Install ethoscopy in your Python space
Ethoscopy is on github and on PyPi. You can install the latest stable version with pip3.
pip install ethoscopy
As of version 2.0.5, the required dependencies are:
Python >= 3.10
numpy >= 2.0
pandas >= 2.2.2
plotly >= 5.22
seaborn >= 0.13
hmmlearn >= 0.3.2
pywavelets >= 1.6
astropy >= 6.1
tabulate >= 0.9
colour >= 0.1.5
nbformat >= 5.10
Tutorial data
Starting with ethoscopy 2.0.5, the six tutorial pickle files (~36 MB total, dominated by overview_data.pkl at ~31 MB) are no longer bundled with the PyPI wheel — pip install ethoscopy ships code only. The tutorial notebooks fetch the datasets on demand with a single one-time call:
import ethoscopy as etho
etho.download_tutorial_data() # idempotent — skips files already on disk
By default this populates ~/.cache/ethoscopy/tutorial_data/, which is user-writable on every platform (no root or sudo needed). After that, get_tutorial('overview'), get_tutorial('circadian') and get_HMM('M'|'F') work as shown in the tutorial notebooks.
Lookup order. At load time, ethoscopy checks three locations in this order:
<site-packages>/ethoscopy/misc/tutorial_data/— dev / editable installs and theethoscope-labDocker image (which pre-populates it at build time, see below).$ETHOSCOPY_TUTORIAL_DATA_DIRif set — useful for shared clusters where one admin-maintained copy serves many users.~/.cache/ethoscopy/tutorial_data/— the default fordownload_tutorial_data().
The canonical URLs live at github.com/gilestrolab/ethoscopy/tree/main/src/ethoscopy/misc/tutorial_data.
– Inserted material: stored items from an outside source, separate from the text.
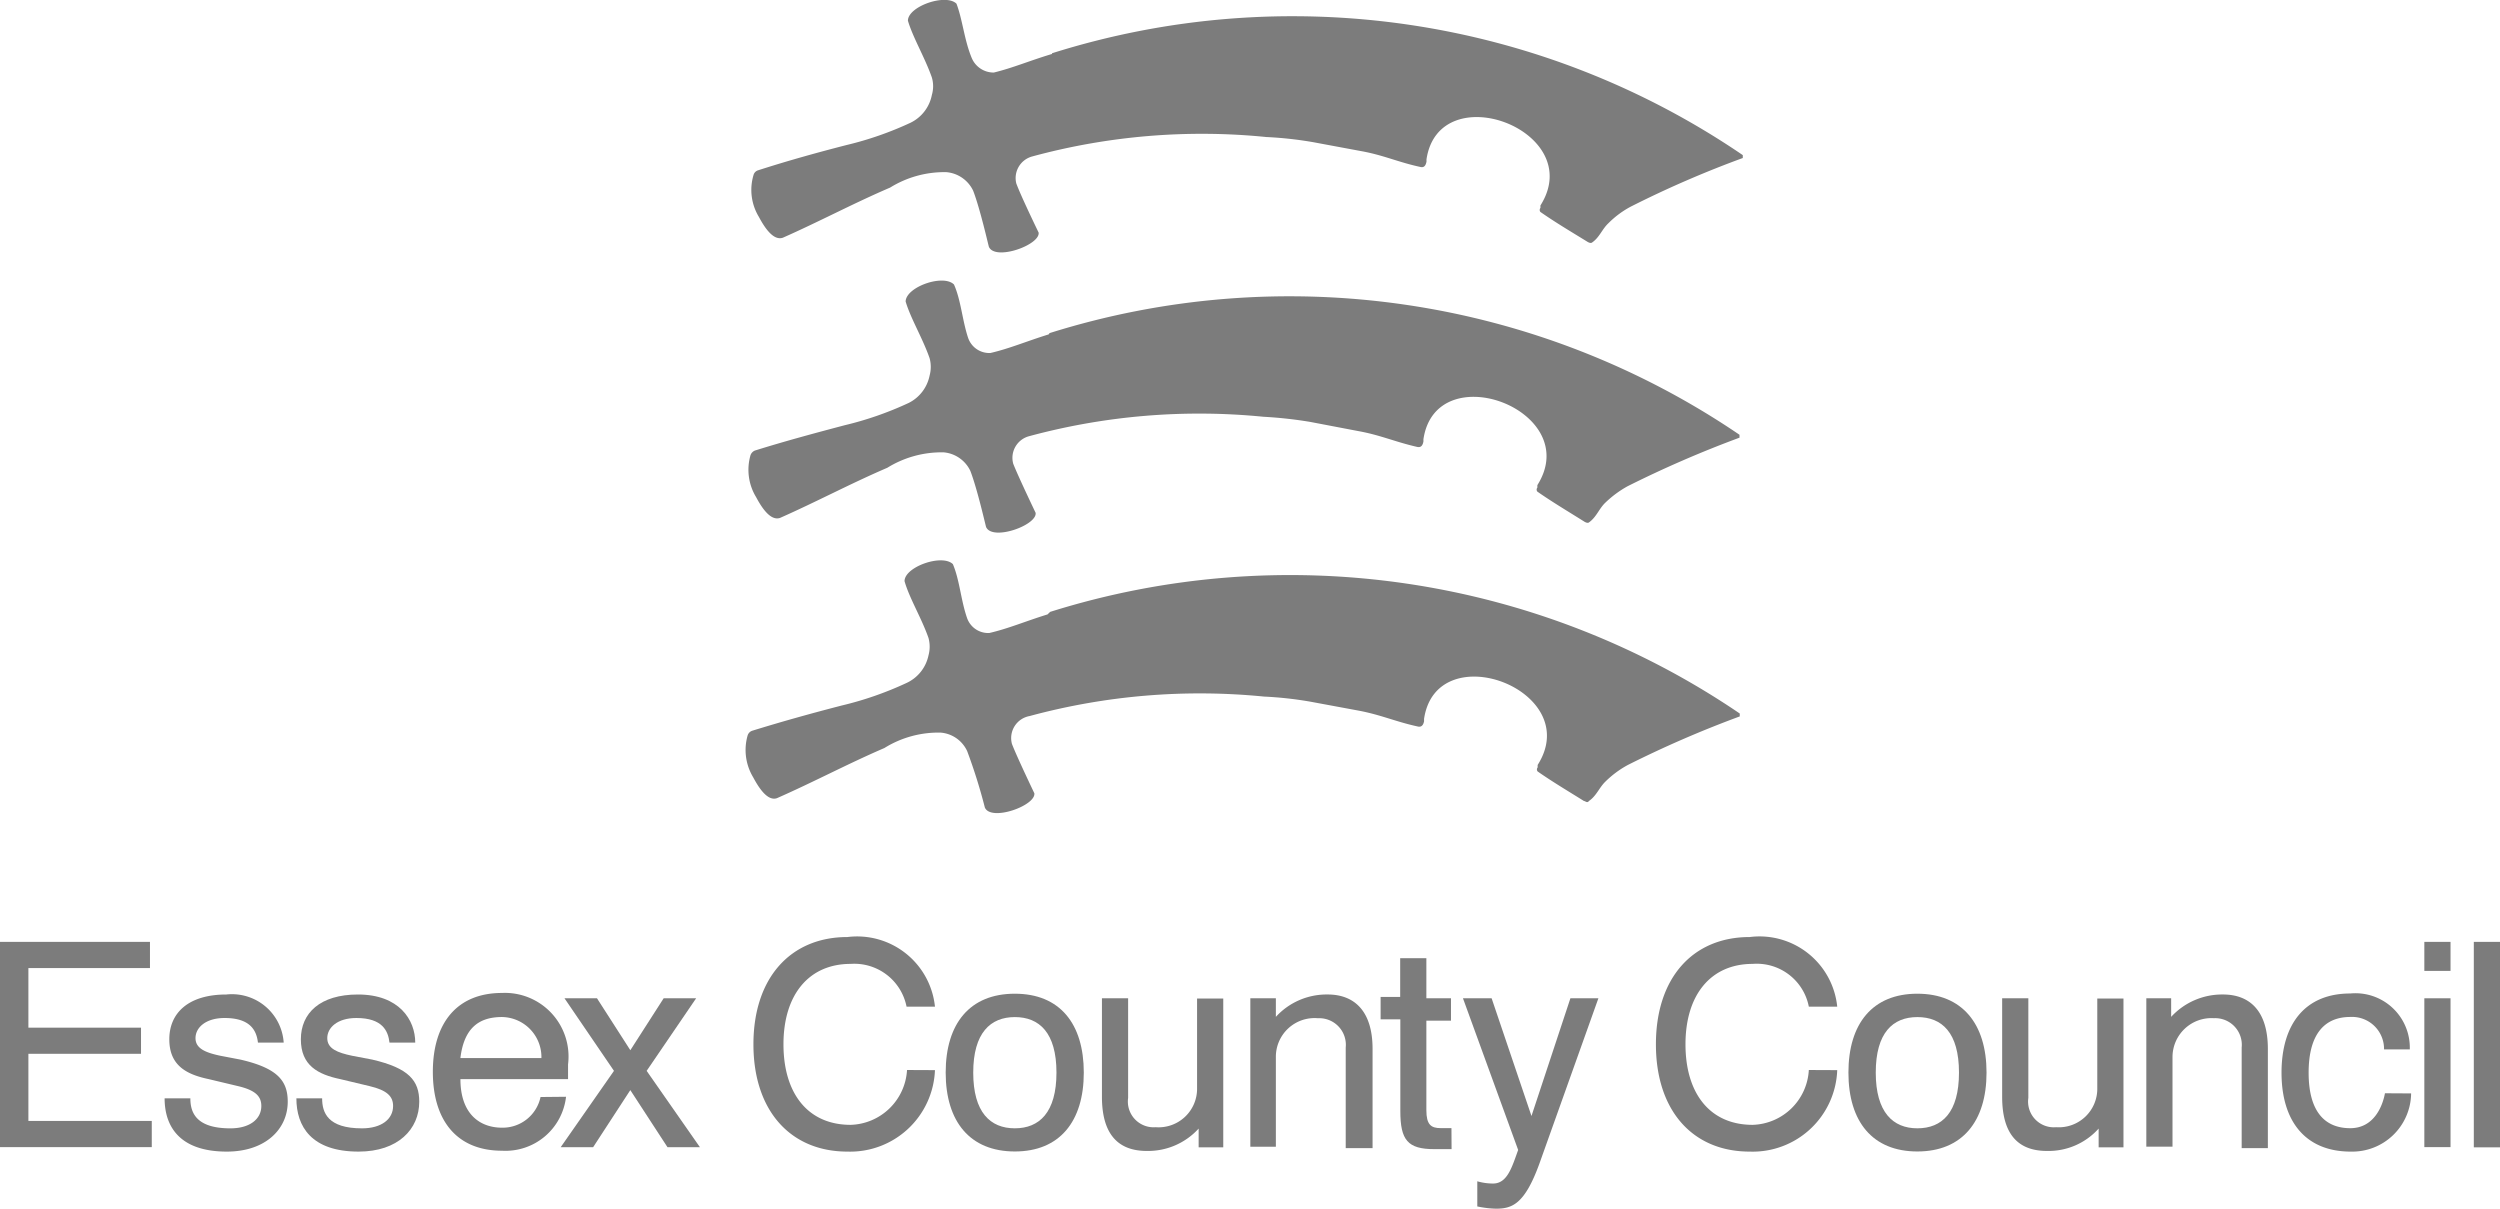 <svg id="Layer_2" data-name="Layer 2" xmlns="http://www.w3.org/2000/svg" width="79.231" height="38.306" viewBox="0 0 79.231 38.306">
  <g id="Layer_1" data-name="Layer 1" transform="translate(0 0)">
    <path id="Path_312" data-name="Path 312" d="M0,42.08v6.505H4.81v-.83H.9V45.627H4.469V44.8H.9V42.91H4.753v-.83Z" transform="translate(0 -12.23)" fill="#7c7c7c"/>
    <path id="Path_313" data-name="Path 313" d="M9.755,46.494c1.17.27,1.5.667,1.5,1.334,0,.873-.709,1.582-1.93,1.582-1.5,0-1.972-.8-1.972-1.688h.816c0,.454.184.951,1.27.951.61,0,.979-.291.979-.709,0-.305-.184-.5-.745-.631l-.922-.22c-.709-.149-1.249-.433-1.249-1.263s.6-1.419,1.809-1.419a1.643,1.643,0,0,1,1.816,1.525h-.816c-.043-.369-.227-.78-1.057-.78-.6,0-.922.305-.922.638s.326.461.795.56Z" transform="translate(-2.136 -12.913)" fill="#7c7c7c"/>
    <path id="Path_314" data-name="Path 314" d="M15.645,46.494c1.163.27,1.49.667,1.49,1.334,0,.873-.674,1.582-1.922,1.582-1.5,0-1.972-.8-1.972-1.688h.816c0,.454.177.951,1.263.951.617,0,.986-.291.986-.709,0-.305-.192-.5-.752-.631l-.922-.22c-.709-.149-1.249-.433-1.249-1.263s.61-1.419,1.809-1.419c1.312,0,1.816.809,1.816,1.525h-.816c-.043-.369-.22-.78-1.05-.78-.6,0-.922.305-.922.638s.319.461.795.56Z" transform="translate(-3.848 -12.913)" fill="#7c7c7c"/>
    <path id="Path_315" data-name="Path 315" d="M22.78,46.421a1.27,1.27,0,0,0-1.249-1.3c-.752,0-1.206.369-1.319,1.3Zm.78,1.227a1.93,1.93,0,0,1-2.029,1.71c-1.419,0-2.192-.943-2.192-2.5s.773-2.5,2.192-2.5a2.017,2.017,0,0,1,2.093,2.263v.468H20.213c0,1.107.617,1.539,1.319,1.539a1.227,1.227,0,0,0,1.22-.972Z" transform="translate(-5.621 -12.889)" fill="#7c7c7c"/>
    <path id="Path_316" data-name="Path 316" d="M26.738,46.9l-1.568-2.3H26.2l1.057,1.646L28.313,44.6h1.029l-1.568,2.3,1.688,2.419H28.434l-1.178-1.809-1.178,1.809H25.05Z" transform="translate(-7.28 -12.962)" fill="#7c7c7c"/>
    <path id="Path_317" data-name="Path 317" d="M39.413,46.084a2.689,2.689,0,0,1-2.774,2.582c-1.8,0-2.979-1.291-2.979-3.4s1.178-3.4,2.979-3.4a2.48,2.48,0,0,1,2.774,2.206h-.9a1.688,1.688,0,0,0-1.773-1.355c-1.319,0-2.128.972-2.128,2.547s.787,2.554,2.128,2.554a1.844,1.844,0,0,0,1.788-1.738Z" transform="translate(-9.782 -12.169)" fill="#7c7c7c"/>
    <path id="Path_318" data-name="Path 318" d="M42.25,46.894c0-1.554.766-2.5,2.192-2.5s2.185.951,2.185,2.5-.766,2.5-2.185,2.5-2.192-.943-2.192-2.5m2.192,1.766c.773,0,1.319-.5,1.319-1.766s-.546-1.759-1.319-1.759-1.319.5-1.319,1.759.539,1.766,1.319,1.766" transform="translate(-12.279 -12.901)" fill="#7c7c7c"/>
    <path id="Path_319" data-name="Path 319" d="M52.295,48.729a2.164,2.164,0,0,1-1.646.709c-.865,0-1.419-.482-1.419-1.717V44.6h.83v3.157a.816.816,0,0,0,.873.929,1.22,1.22,0,0,0,1.312-1.241V44.607h.83v4.717h-.78Z" transform="translate(-14.307 -12.962)" fill="#7c7c7c"/>
    <path id="Path_320" data-name="Path 320" d="M55.86,44.55h.809v.589a2.178,2.178,0,0,1,1.646-.709c.809,0,1.419.489,1.419,1.724V49.3h-.851V46.111a.844.844,0,0,0-.88-.929,1.227,1.227,0,0,0-1.334,1.234v2.838H55.86Z" transform="translate(-16.234 -12.912)" fill="#7c7c7c"/>
    <path id="Path_321" data-name="Path 321" d="M63.929,48.861h-.546c-.844,0-1.078-.284-1.078-1.206V44.747H61.68v-.709H62.3V42.81h.83v1.27h.78v.709h-.78v2.838c0,.461.149.568.454.568h.341Z" transform="translate(-17.925 -12.442)" fill="#7c7c7c"/>
    <path id="Path_322" data-name="Path 322" d="M67.779,49.849c-.468,1.284-.865,1.419-1.376,1.419a3.256,3.256,0,0,1-.589-.071V50.4a1.823,1.823,0,0,0,.5.071c.454,0,.6-.525.795-1.064L65.36,44.6h.908l1.263,3.731h0L68.765,44.6h.887Z" transform="translate(-18.995 -12.962)" fill="#7c7c7c"/>
    <path id="Path_323" data-name="Path 323" d="M79.726,46.084a2.681,2.681,0,0,1-2.774,2.582c-1.8,0-2.972-1.291-2.972-3.4s1.17-3.4,2.972-3.4a2.475,2.475,0,0,1,2.774,2.206h-.9a1.681,1.681,0,0,0-1.781-1.355c-1.319,0-2.128.972-2.128,2.547s.787,2.554,2.128,2.554a1.837,1.837,0,0,0,1.781-1.738Z" transform="translate(-21.5 -12.169)" fill="#7c7c7c"/>
    <path id="Path_324" data-name="Path 324" d="M82.58,46.894c0-1.554.766-2.5,2.185-2.5s2.192.951,2.192,2.5-.773,2.5-2.192,2.5-2.185-.943-2.185-2.5m2.185,1.766c.78,0,1.319-.5,1.319-1.766s-.539-1.759-1.319-1.759-1.319.5-1.319,1.759.546,1.766,1.319,1.766" transform="translate(-23.999 -12.901)" fill="#7c7c7c"/>
    <path id="Path_325" data-name="Path 325" d="M92.507,48.729a2.128,2.128,0,0,1-1.639.709c-.873,0-1.419-.482-1.419-1.717V44.6h.83v3.157a.816.816,0,0,0,.88.929,1.22,1.22,0,0,0,1.305-1.241V44.607h.83v4.717h-.787Z" transform="translate(-25.996 -12.962)" fill="#7c7c7c"/>
    <path id="Path_326" data-name="Path 326" d="M95.89,44.551h.787v.589a2.192,2.192,0,0,1,1.646-.709c.816,0,1.419.489,1.419,1.724V49.3h-.83V46.111a.844.844,0,0,0-.88-.929,1.234,1.234,0,0,0-1.312,1.234v2.838h-.83Z" transform="translate(-27.868 -12.913)" fill="#7c7c7c"/>
    <path id="Path_327" data-name="Path 327" d="M106.037,47.551a1.866,1.866,0,0,1-1.915,1.844c-1.419,0-2.192-.943-2.192-2.5s.759-2.511,2.178-2.511a1.724,1.724,0,0,1,1.887,1.773h-.816a1.014,1.014,0,0,0-1.071-1.029c-.78,0-1.319.5-1.319,1.766s.539,1.759,1.319,1.759,1.036-.752,1.1-1.107Z" transform="translate(-29.623 -12.898)" fill="#7c7c7c"/>
    <path id="Path_328" data-name="Path 328" d="M108.31,43.868h.83v4.717h-.83Zm0-1.788h.83V43h-.83Z" transform="translate(-31.477 -12.23)" fill="#7c7c7c"/>
    <rect id="Rectangle_329" data-name="Rectangle 329" width="0.83" height="6.512" transform="translate(78.401 29.85)" fill="#7c7c7c"/>
    <path id="Path_329" data-name="Path 329" d="M42.952,14.241c-.709.22-1.234.447-1.844.589a.709.709,0,0,1-.709-.482c-.184-.553-.227-1.2-.447-1.688-.341-.341-1.525.078-1.532.539.156.532.539,1.163.759,1.795a1.05,1.05,0,0,1,0,.553,1.241,1.241,0,0,1-.66.865,10.641,10.641,0,0,1-2.036.709c-.965.255-1.873.5-2.838.8a.248.248,0,0,0-.142.149,1.667,1.667,0,0,0,.177,1.327c.163.305.447.766.759.66,1.156-.511,2.227-1.085,3.4-1.589a3.27,3.27,0,0,1,1.788-.489,1.036,1.036,0,0,1,.844.589c.227.589.489,1.766.5,1.781.206.447,1.624-.064,1.568-.454,0,0-.56-1.17-.709-1.554a.709.709,0,0,1,.5-.873,20.657,20.657,0,0,1,7.427-.617,13.528,13.528,0,0,1,1.483.163l1.525.291c.709.128,1.163.341,1.859.5.163.043.192-.106.206-.17v-.071c.4-2.681,5.1-.908,3.611,1.454v.078a.1.1,0,0,0,0,.128c.468.326.929.6,1.476.943,0,0,.1.071.156.035.241-.17.319-.433.518-.624a3.355,3.355,0,0,1,.709-.525,35.122,35.122,0,0,1,3.547-1.539v-.092A25.367,25.367,0,0,0,42.981,14.2Z" transform="translate(-9.718 -3.643)" fill="#7c7c7c"/>
    <path id="Path_330" data-name="Path 330" d="M43.095,1.71c-.709.213-1.234.44-1.844.589a.752.752,0,0,1-.709-.482c-.227-.553-.284-1.2-.475-1.7-.34-.333-1.539.085-1.539.539.156.532.539,1.17.759,1.8a.979.979,0,0,1,0,.553,1.241,1.241,0,0,1-.674.88,10.64,10.64,0,0,1-2.036.709c-.965.248-1.866.5-2.8.8a.213.213,0,0,0-.142.149,1.646,1.646,0,0,0,.17,1.327c.163.305.447.766.759.66,1.156-.511,2.227-1.085,3.4-1.589a3.263,3.263,0,0,1,1.781-.489,1.036,1.036,0,0,1,.851.589c.227.589.489,1.766.5,1.781.206.447,1.624-.064,1.575-.454,0,0-.568-1.17-.709-1.561a.709.709,0,0,1,.5-.851,20.5,20.5,0,0,1,7.427-.617,11.989,11.989,0,0,1,1.483.163l1.525.284c.709.128,1.163.348,1.866.5.156.043.184-.1.2-.163V5.051c.4-2.674,5.108-.908,3.611,1.461V6.59a.1.1,0,0,0,0,.128c.468.326.929.6,1.476.936,0,0,.1.071.156.035.241-.163.319-.426.525-.617a2.951,2.951,0,0,1,.709-.525,33.049,33.049,0,0,1,3.547-1.539V4.916A25.332,25.332,0,0,0,43.095,1.688Z" transform="translate(-9.754 0)" fill="#7c7c7c"/>
    <path id="Path_331" data-name="Path 331" d="M42.879,26.75c-.709.22-1.234.447-1.844.589a.709.709,0,0,1-.709-.482c-.192-.553-.234-1.2-.447-1.7-.34-.333-1.532.085-1.532.539.149.532.539,1.17.759,1.8a1.043,1.043,0,0,1,0,.553,1.241,1.241,0,0,1-.709.88,10.733,10.733,0,0,1-2.043.709c-.958.248-1.866.5-2.838.8a.227.227,0,0,0-.142.149,1.674,1.674,0,0,0,.177,1.327c.163.305.447.766.752.66,1.163-.511,2.235-1.085,3.405-1.589a3.242,3.242,0,0,1,1.781-.489,1.014,1.014,0,0,1,.844.589,17.274,17.274,0,0,1,.56,1.788c.2.447,1.617-.064,1.568-.454,0,0-.56-1.17-.709-1.561a.709.709,0,0,1,.56-.887,20.643,20.643,0,0,1,7.427-.617,11.733,11.733,0,0,1,1.476.163l1.532.284c.709.135,1.163.348,1.859.5.156.043.192-.1.206-.163v-.078c.4-2.674,5.1-.9,3.6,1.461V31.6a.1.1,0,0,0,0,.128c.468.326.929.6,1.468.936.043,0,.106.078.156,0,.241-.163.326-.426.525-.617a3.135,3.135,0,0,1,.709-.525,34.434,34.434,0,0,1,3.547-1.539v-.092a25.346,25.346,0,0,0-21.856-3.221Z" transform="translate(-9.68 -7.278)" fill="#7c7c7c"/>
  </g>
</svg>

Place the six *.pkl files in any of the three locations above if you prefer to download manually.
ethoscope-lab users don't need to do anything. The Docker image (
ggilestro/ethoscope-lab:1.2and later) runsdownload_tutorial_data(dest_dir=package_tutorial_data_dir())during build, so the pickles are already present in the image. JupyterHub users can run the tutorials without any download step.
Why this changed
Versions 2.0.0–2.0.4 of the PyPI wheel unintentionally shipped without any tutorial pickles because .gitignore contained a blanket *.pkl rule that Hatchling's default VCS plugin honoured when building the wheel. Users running get_tutorial('overview') got FileNotFoundError with no guidance. Version 2.0.5 makes the omission explicit, ships a stdlib-only download helper with a user-writable default, surfaces an actionable error message when files are missing, and (for the Docker image) pre-populates them during the build so containerised users never see the download step.